There is no analysis here. When we blame banks, who are we talking about? We don’t mean the teller or the director of human resources or the shareholder or the depositor. In this context “banks” and “bankers” are almost meaningless terms.


----------



## noproblem (10 Jun 2019)

The big problem lies within what's written above. In the banking sector no one ever emerges as being the one in charge, the one who signs off, who makes that final decision, who accepts that the book stops at his/her door. If my business fails, I fail, i'm gone, end of. Maybe taking responsibility might help with peoples perception of "them". I do hate calling anyone by the term Them but by their behaviour they've earned the term.


----------



## mathepac (10 Jun 2019)

They've copied the political/public service model where no one individual is ever responsible for anything. All decision are made anonymously by committee or external 3rd parties or dictated by "industry best practice" The buck never stops with any one individual or group and any publicly-funded (Séan & Síle *always* pay) "independent inquiry" into alleged wrong-doing will drag on for years will conclude nothing.


----------



## NoRegretsCoyote (10 Jun 2019)

mathepac said:


> They've copied the political/public service model where no one individual is ever responsible for anything.



That's pretty much the case in any large private organisation too.

Shareholders generally do not like firms in mature industries being run on the whim of a CEO.

BTW, the banks with the most concentrated power (INBS, Anglo) made (proportionately) much greater losses than AIB/BoI etc where decision-making was less centralised.


----------



## Andy836 (10 Jun 2019)

noproblem said:


> The big problem lies within what's written above. In the banking sector no one ever emerges as being the one in charge, the one who signs off, who makes that final decision, who accepts that the book stops at his/her door. If my business fails, I fail, i'm gone, end of. Maybe taking responsibility might help with peoples perception of "them". I do hate calling anyone by the term Them but by their behaviour they've earned the term.



That's just not true and really reinforces the point the author was making.

Virtually all the shareholders were wiped out apart for some tiny value retained by BOI shareholders because they avoided full nationalization.
Apart from BOI the CEO's and senior management were pretty much all shown the door.
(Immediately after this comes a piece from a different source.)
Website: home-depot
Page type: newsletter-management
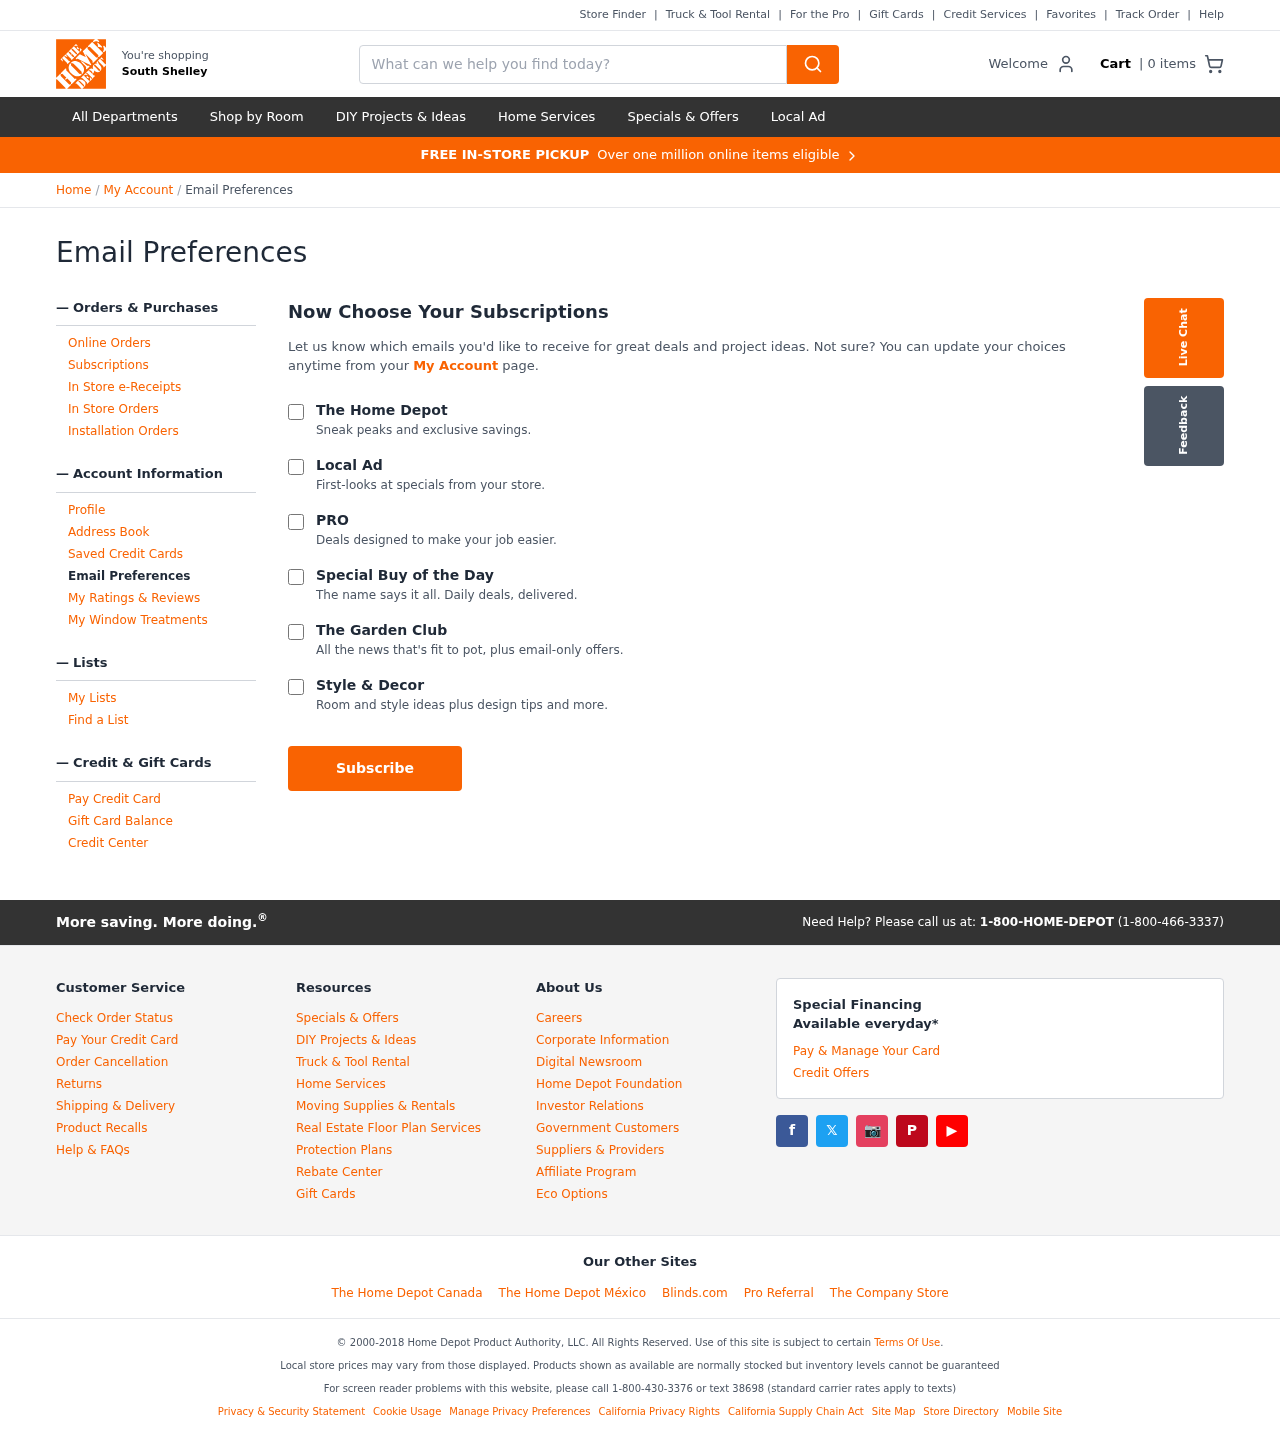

Same for the boards.


----------



## Leo (10 Jun 2019)

NoRegretsCoyote said:


> That's pretty much the case in any large private organisation too.



Pretty much any organisation of any scale really. Who would work in an environment where they could be hung out to dry in public for a mistake or poor decision? To be successful, companies need to operate as a cohesive organisation, not a collection of individuals.


----------



## Purple (10 Jun 2019)

Leo said:


> Who would work in an environment where they could be hung out to dry in public for a mistake or poor decision *and had a pay cap which was lower than their international counterparts*?


I added a bit


----------



## Seagull (10 Jun 2019)

Andy836 said:


> That's just not true and really reinforces the point the author was making.
> 
> Virtually all the shareholders were wiped out apart for some tiny value retained by BOI shareholders because they avoided full nationalization.
> Apart from BOI the CEO's and senior management were pretty much all shown the door. Same for the boards.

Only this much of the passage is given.